Możesz ewentualnie zmierzyć przewód, zajść do sklepu z artykułami motoryzacyjnymi i kupić nowy, miedziany przewód o takiej samej długości z zarobionymi końcówkami. W ten sposób wymienisz cały.
_________________ Hasła są jak majtki. Nie zostawiaj ich w miejscu, w którym inni mogą je zobaczyć, zmieniaj je regularnie ...i lepiej nikomu nie pożyczaj.
podczepię się do tematu:
oprawca_1978, jak samemu odpowietrzyć hamulce?

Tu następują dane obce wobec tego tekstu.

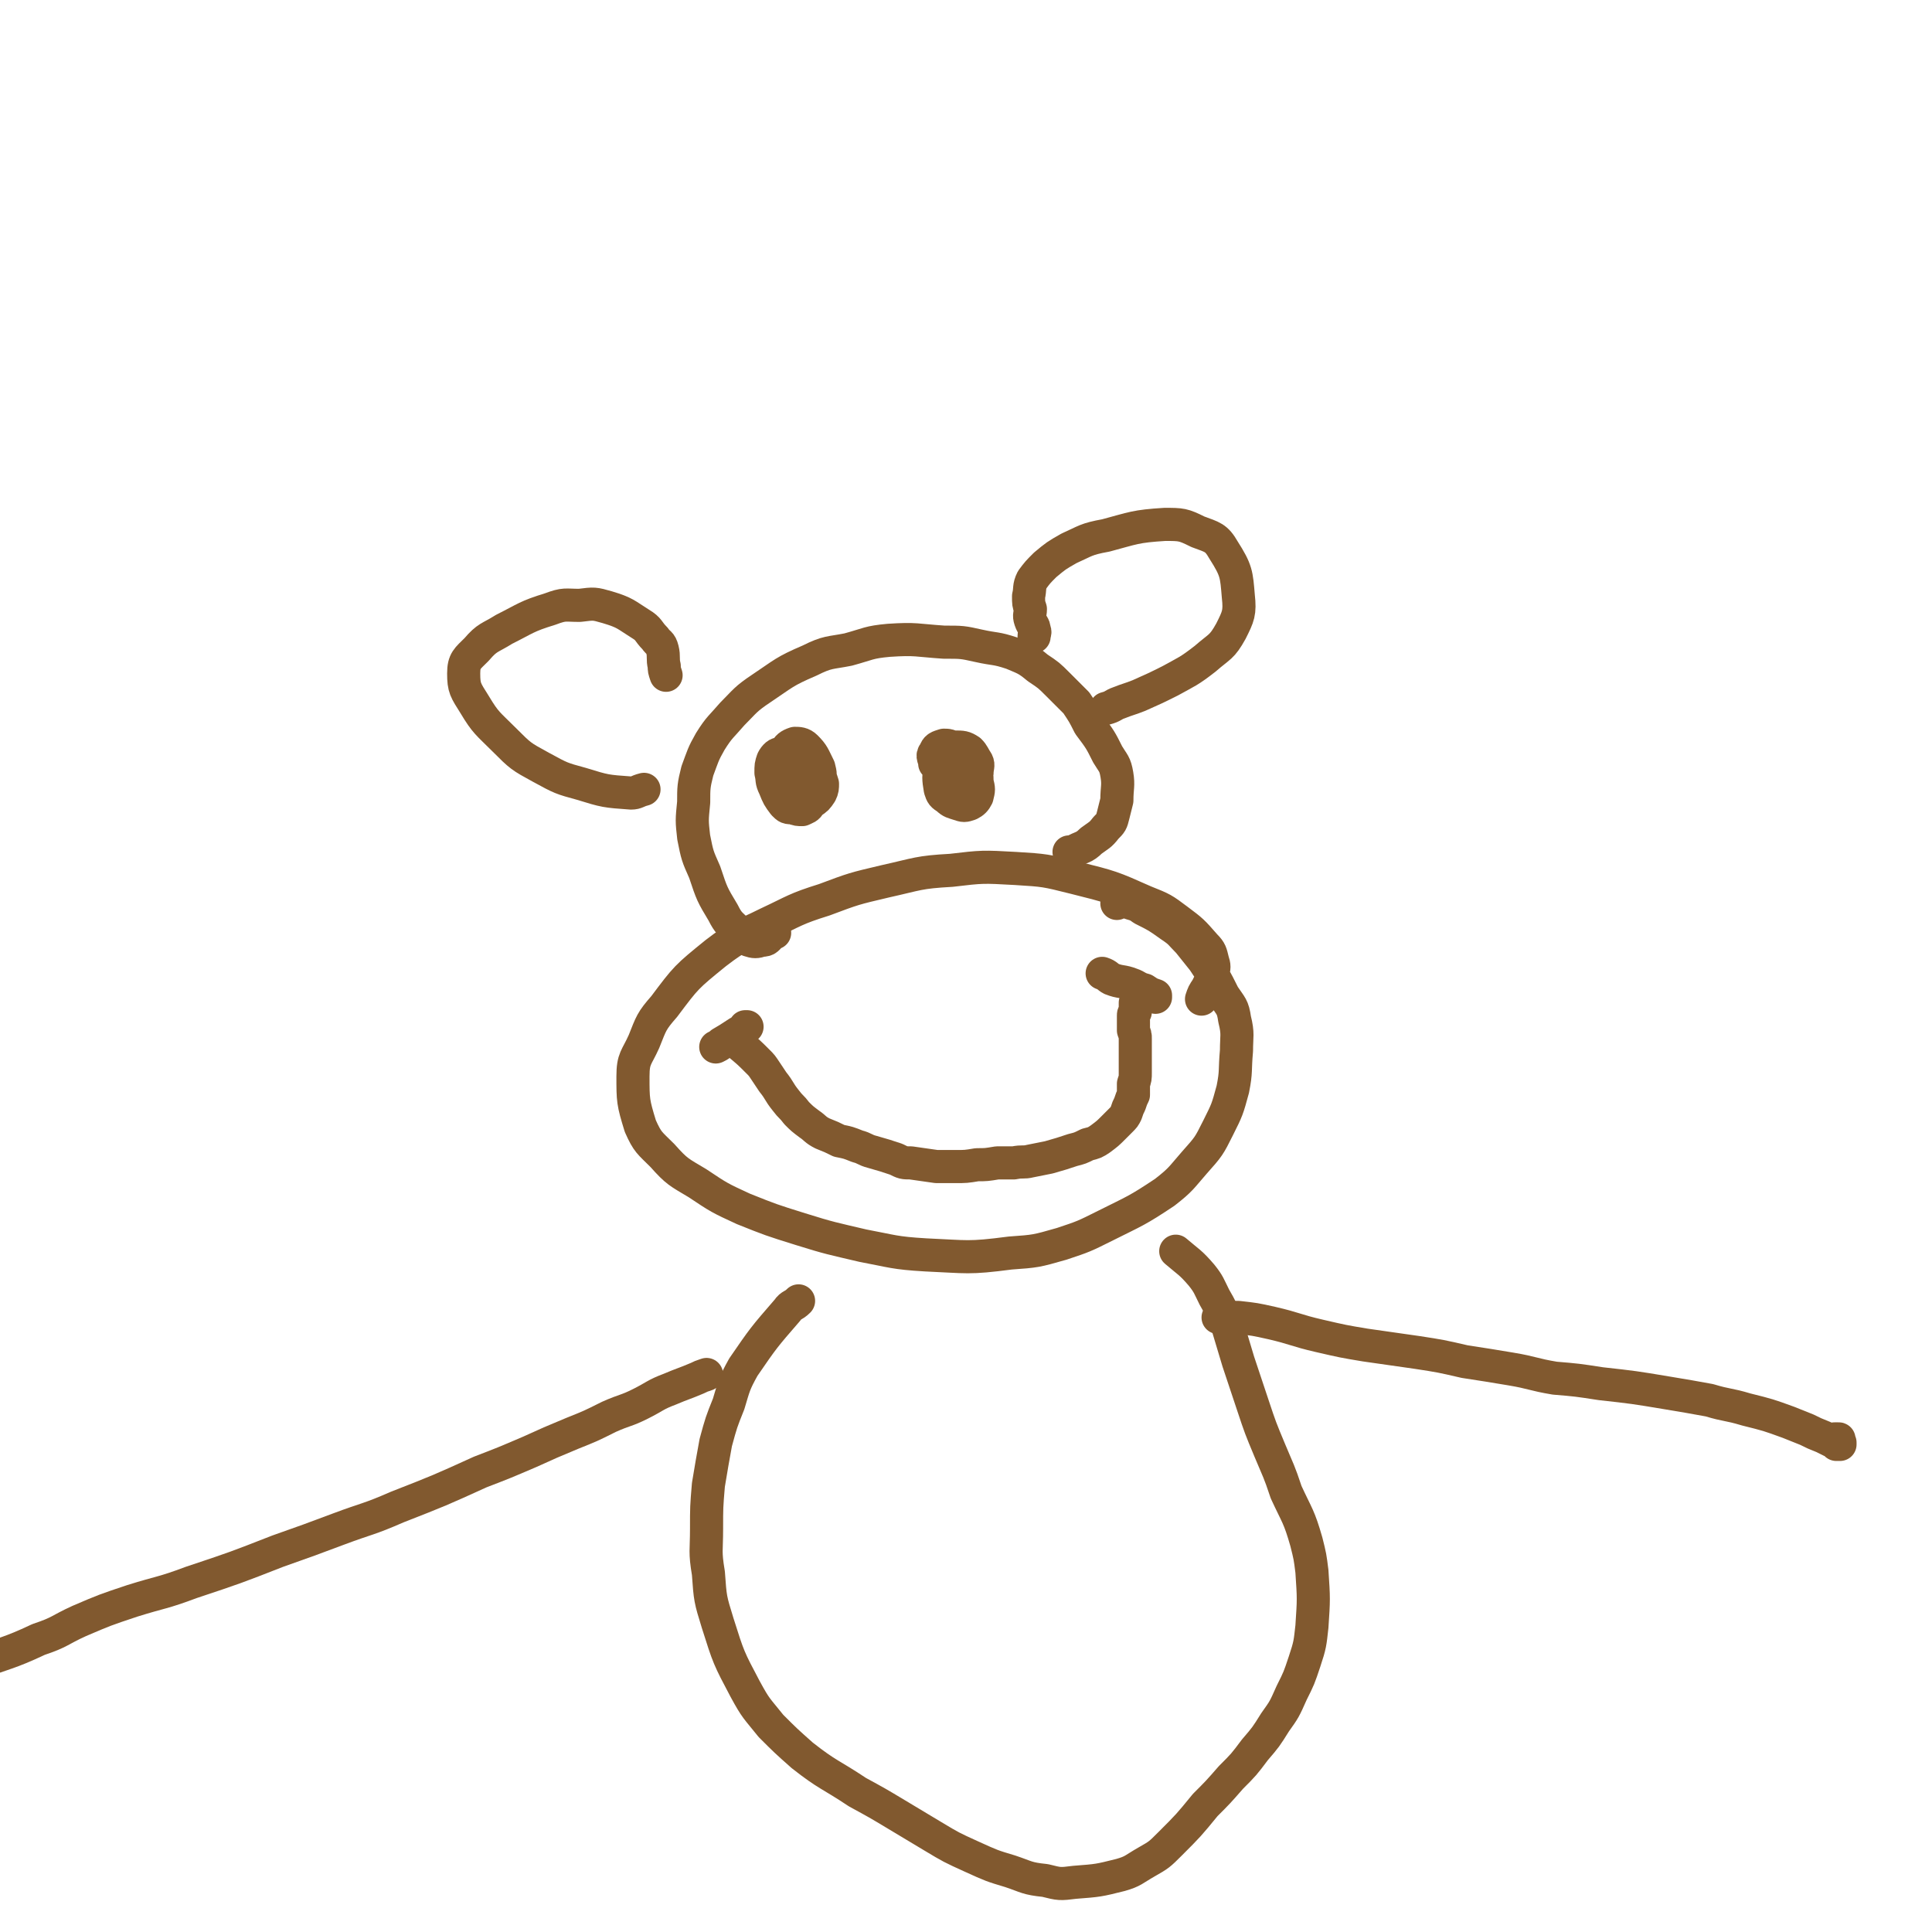 <svg viewBox='0 0 1050 1050' version='1.1' xmlns='http://www.w3.org/2000/svg' xmlns:xlink='http://www.w3.org/1999/xlink'><g fill='none' stroke='#81592F' stroke-width='18' stroke-linecap='round' stroke-linejoin='round'><path d='M653,543c0,0 0,0 0,0 0,0 0,0 0,0 1,-3 1,-3 3,-6 2,-4 2,-4 3,-8 1,-3 1,-4 0,-7 -1,-4 -1,-5 -4,-8 -7,-8 -7,-8 -15,-14 -8,-6 -8,-6 -18,-10 -18,-8 -18,-8 -38,-13 -16,-4 -16,-4 -32,-5 -18,-1 -18,-1 -35,1 -18,1 -18,2 -36,6 -17,4 -17,4 -33,10 -16,5 -16,6 -31,13 -14,7 -15,6 -28,16 -16,13 -16,13 -28,29 -7,8 -7,9 -11,19 -4,9 -6,9 -6,19 0,13 0,14 4,27 4,9 5,9 12,16 8,9 9,9 19,15 12,8 12,8 25,14 15,6 15,6 31,11 16,5 17,5 34,9 16,3 17,4 34,5 23,1 23,2 46,-1 14,-1 14,-1 28,-5 12,-4 12,-4 24,-10 16,-8 17,-8 32,-18 9,-7 9,-8 16,-16 8,-9 8,-9 13,-19 5,-10 5,-10 8,-21 2,-10 1,-10 2,-21 0,-8 1,-9 -1,-17 -1,-7 -2,-7 -6,-13 -5,-10 -5,-10 -11,-19 -4,-5 -4,-5 -8,-10 -5,-5 -4,-5 -10,-9 -7,-5 -7,-5 -15,-9 -4,-3 -4,-2 -9,-4 -2,-1 -2,-2 -4,-2 -1,1 -1,2 -1,3 '/><path d='M581,463c0,0 0,0 0,0 1,0 1,0 2,0 5,-3 6,-2 10,-6 4,-3 5,-3 8,-7 3,-3 3,-3 4,-7 1,-4 1,-4 2,-8 0,-7 1,-8 0,-14 -1,-6 -2,-6 -5,-11 -4,-8 -4,-8 -10,-16 -3,-6 -3,-6 -7,-12 -5,-5 -5,-5 -10,-10 -5,-5 -5,-5 -11,-9 -6,-5 -7,-5 -14,-8 -9,-3 -9,-2 -18,-4 -9,-2 -9,-2 -19,-2 -15,-1 -15,-2 -30,-1 -11,1 -11,2 -22,5 -10,2 -11,1 -21,6 -14,6 -14,7 -26,15 -9,6 -9,7 -16,14 -6,7 -7,7 -12,15 -4,7 -4,8 -7,16 -2,8 -2,9 -2,17 -1,10 -1,10 0,19 2,10 2,10 6,19 4,12 4,12 10,22 3,6 4,6 8,10 3,3 3,3 6,5 3,1 4,1 7,0 3,0 3,-1 5,-3 1,-1 1,-1 2,-1 '/><path d='M562,346c0,0 0,0 0,0 0,-2 1,-2 0,-4 0,-2 -1,-2 -2,-5 -1,-3 0,-3 0,-6 -1,-3 -1,-3 -1,-7 1,-4 0,-5 2,-9 3,-4 3,-4 7,-8 6,-5 6,-5 13,-9 9,-4 9,-5 20,-7 15,-4 16,-5 32,-6 9,0 10,0 18,4 8,3 10,3 14,10 7,11 7,13 8,25 1,9 0,11 -4,19 -5,9 -6,8 -14,15 -9,7 -10,7 -19,12 -8,4 -8,4 -17,8 -5,2 -6,2 -11,4 -3,1 -3,2 -7,3 '/><path d='M362,367c0,0 0,0 0,0 0,0 0,0 0,0 -1,-3 -1,-3 -1,-5 -1,-4 0,-5 -1,-9 -1,-4 -2,-3 -4,-6 -4,-4 -3,-5 -8,-8 -8,-5 -8,-6 -18,-9 -7,-2 -7,-2 -15,-1 -8,0 -8,-1 -16,2 -13,4 -13,5 -25,11 -8,5 -9,4 -15,11 -5,5 -7,6 -7,13 0,8 1,9 6,17 6,10 7,10 16,19 9,9 9,9 20,15 11,6 11,6 22,9 13,4 13,4 27,5 3,0 3,-1 7,-2 '/><path d='M522,427c0,0 0,0 0,0 0,0 0,1 1,0 3,0 4,0 6,-2 2,-1 2,-2 1,-5 0,-3 -1,-3 -3,-5 -2,-3 -2,-3 -4,-5 -3,-2 -3,-2 -6,-2 -3,0 -4,0 -6,2 -1,2 -1,3 0,6 0,3 -1,3 1,6 2,3 3,3 7,4 2,1 3,1 6,0 2,0 3,0 4,-2 2,-2 1,-2 2,-4 0,-3 1,-4 0,-6 -2,-3 -2,-4 -4,-6 -3,-2 -4,-2 -8,-2 -2,0 -3,1 -5,3 -2,3 -2,4 -3,8 -1,5 -1,6 0,12 1,3 1,3 4,5 2,2 3,2 6,3 3,1 3,1 6,0 2,-1 3,-2 4,-4 1,-4 1,-4 0,-8 0,-4 0,-4 -3,-8 -3,-6 -4,-6 -9,-10 -3,-2 -4,-2 -6,-2 -3,1 -4,1 -5,4 -2,2 0,3 0,6 '/><path d='M423,417c0,0 0,0 0,0 0,0 0,0 0,0 1,-4 2,-6 1,-7 -1,-1 -3,1 -4,3 -1,3 -1,3 -1,7 1,4 0,4 2,8 2,5 2,5 5,9 2,2 2,2 5,2 2,1 3,1 5,1 2,-1 3,-1 4,-3 2,-2 2,-2 4,-5 1,-4 1,-4 1,-7 1,-4 1,-4 0,-8 -3,-6 -3,-7 -7,-11 -2,-2 -4,-2 -6,-2 -3,1 -4,2 -5,4 -3,5 -2,6 -3,12 -1,4 -1,4 0,8 1,3 2,3 4,5 3,2 3,2 7,3 3,0 3,1 6,0 3,-2 3,-2 5,-5 1,-2 1,-3 1,-5 -1,-3 -1,-4 -3,-6 0,-1 -1,-1 -3,-1 -2,1 -2,1 -4,2 -1,1 -1,1 -1,3 0,1 -1,1 0,1 0,1 1,1 2,1 1,0 1,0 2,0 0,0 0,0 0,0 '/><path d='M401,567c0,0 0,0 0,0 0,0 0,0 0,0 6,5 6,5 11,10 2,2 2,2 4,5 2,3 2,3 4,6 4,5 3,5 7,10 3,4 3,3 6,7 3,3 3,3 7,6 3,2 3,3 7,5 5,2 5,2 9,4 5,1 5,1 10,3 4,1 4,2 8,3 7,2 7,2 13,4 4,2 4,2 8,2 7,1 7,1 14,2 5,0 5,0 10,0 6,0 6,0 12,-1 5,0 5,0 11,-1 5,0 5,0 9,0 5,-1 5,0 9,-1 5,-1 5,-1 10,-2 7,-2 7,-2 13,-4 4,-1 4,-1 8,-3 4,-1 4,-1 7,-3 4,-3 4,-3 7,-6 2,-2 2,-2 4,-4 2,-2 2,-2 3,-4 1,-3 1,-3 2,-5 1,-3 1,-3 2,-5 0,-3 0,-3 0,-6 1,-3 1,-3 1,-6 0,-4 0,-4 0,-8 0,-2 0,-2 0,-5 0,-2 0,-2 0,-5 0,-3 0,-2 -1,-5 0,-2 0,-2 0,-4 0,-1 0,-1 0,-2 0,-1 0,-1 0,-2 0,-1 0,-1 1,-2 0,-1 0,-1 0,-2 0,-1 0,-1 0,-1 0,-1 0,-1 0,-2 0,0 0,0 0,0 0,0 0,0 0,0 1,0 1,0 1,0 '/><path d='M599,529c0,0 0,0 0,0 3,1 3,2 5,3 5,2 6,1 11,3 3,1 3,2 7,3 3,2 3,2 6,3 0,0 0,0 0,1 1,0 1,0 0,0 0,0 0,0 0,0 '/><path d='M389,569c0,0 0,0 0,0 2,-1 2,-1 3,-2 7,-4 6,-4 13,-8 0,-1 0,-1 0,-1 1,0 1,0 1,0 0,0 0,0 0,0 '/><path d='M434,707c0,0 0,0 0,0 -3,3 -4,2 -6,5 -13,15 -13,15 -24,31 -5,9 -5,10 -8,20 -4,10 -4,10 -7,21 -2,11 -2,11 -4,23 -1,12 -1,12 -1,24 0,12 -1,12 1,24 1,14 1,14 5,27 6,19 6,19 15,36 6,11 6,10 14,20 8,8 8,8 17,16 14,11 15,10 30,20 11,6 11,6 21,12 10,6 10,6 20,12 10,6 10,6 21,11 11,5 11,5 21,8 9,3 9,4 19,5 8,2 8,2 16,1 13,-1 13,-1 25,-4 7,-2 7,-3 14,-7 7,-4 7,-4 13,-10 10,-10 10,-10 19,-21 7,-7 7,-7 14,-15 7,-7 7,-7 13,-15 6,-7 6,-7 11,-15 5,-7 5,-7 9,-16 4,-8 4,-8 7,-17 3,-9 3,-10 4,-19 1,-15 1,-15 0,-30 -1,-8 -1,-8 -3,-16 -4,-14 -5,-14 -11,-27 -4,-12 -4,-11 -9,-23 -5,-12 -5,-12 -9,-24 -4,-12 -4,-12 -8,-24 -3,-10 -3,-10 -6,-20 -3,-8 -3,-8 -7,-15 -3,-6 -3,-7 -7,-12 -6,-7 -7,-7 -14,-13 '/><path d='M384,747c0,0 0,0 0,0 -3,1 -3,1 -5,2 -7,3 -8,3 -15,6 -8,3 -8,4 -16,8 -8,4 -8,3 -17,7 -10,5 -10,5 -20,9 -12,5 -12,5 -23,10 -14,6 -14,6 -27,11 -22,10 -22,10 -45,19 -16,7 -16,6 -32,12 -16,6 -16,6 -33,12 -23,9 -23,9 -47,17 -16,6 -16,5 -32,10 -15,5 -15,5 -29,11 -11,5 -10,6 -22,10 -17,8 -18,7 -36,14 '/><path d='M662,716c0,0 0,0 0,0 0,0 0,0 0,0 5,0 5,0 11,0 9,1 9,1 18,3 13,3 13,4 26,7 13,3 13,3 25,5 14,2 14,2 28,4 13,2 13,2 26,5 13,2 13,2 25,4 12,2 12,3 24,5 12,1 12,1 25,3 18,2 18,2 36,5 12,2 12,2 23,4 10,3 10,2 20,5 12,3 12,3 23,7 5,2 5,2 10,4 4,2 4,2 9,4 2,1 2,1 4,2 1,0 1,0 2,1 1,0 1,1 1,1 0,0 0,0 0,0 1,0 1,0 2,0 0,-1 0,-1 0,-1 -1,-1 -1,-1 -1,-1 0,-1 1,-1 0,-1 0,0 0,0 -1,0 0,0 -1,0 -1,0 -1,0 0,1 -1,1 '/></g>
</svg>

Bardzo prosto samemu można heble odpowietrzyć.
Ale wtedy potrzebny jest wężyk o długości nie 40 cm ale co najmniej dziesięć razy dłuższy (tak samo długi co najmniej jak samochód cały).
Bierze się kluczyk chyba nr 8 (z tego co pamiętam z mojego leciwego Poloneza), zakłada na odpowietrznik (oczkowy kluczyk najlepszy jest), i najpierw najpierw próbować poruszyć odpowietrznik (i modlić się zarazem, by się nie ukręcił, co często stać się może).
Jak da się poruszyć odpowietrznik, to wtedy kluczyka nie zdejmujemy, zakładamy wężyk igielitowy o długości jak napisałem wyżej, najlepiej założyć na ten wężyk zacisk samoczynny (żeby popuszczony weń płyn hamulcowy nie uciekał sobie swobodnie, ma on troszku małe napięcie powierzchniowe i lubi penetrować, a wężyk fi 5 to już za duża średnica, żeby go utrzymać.
Kierujemy koniec wężyka w kierunku zbiorniczka płynu hamulcowego, otwieramy go i umieszczamy wylot wężyka w jego wlewie.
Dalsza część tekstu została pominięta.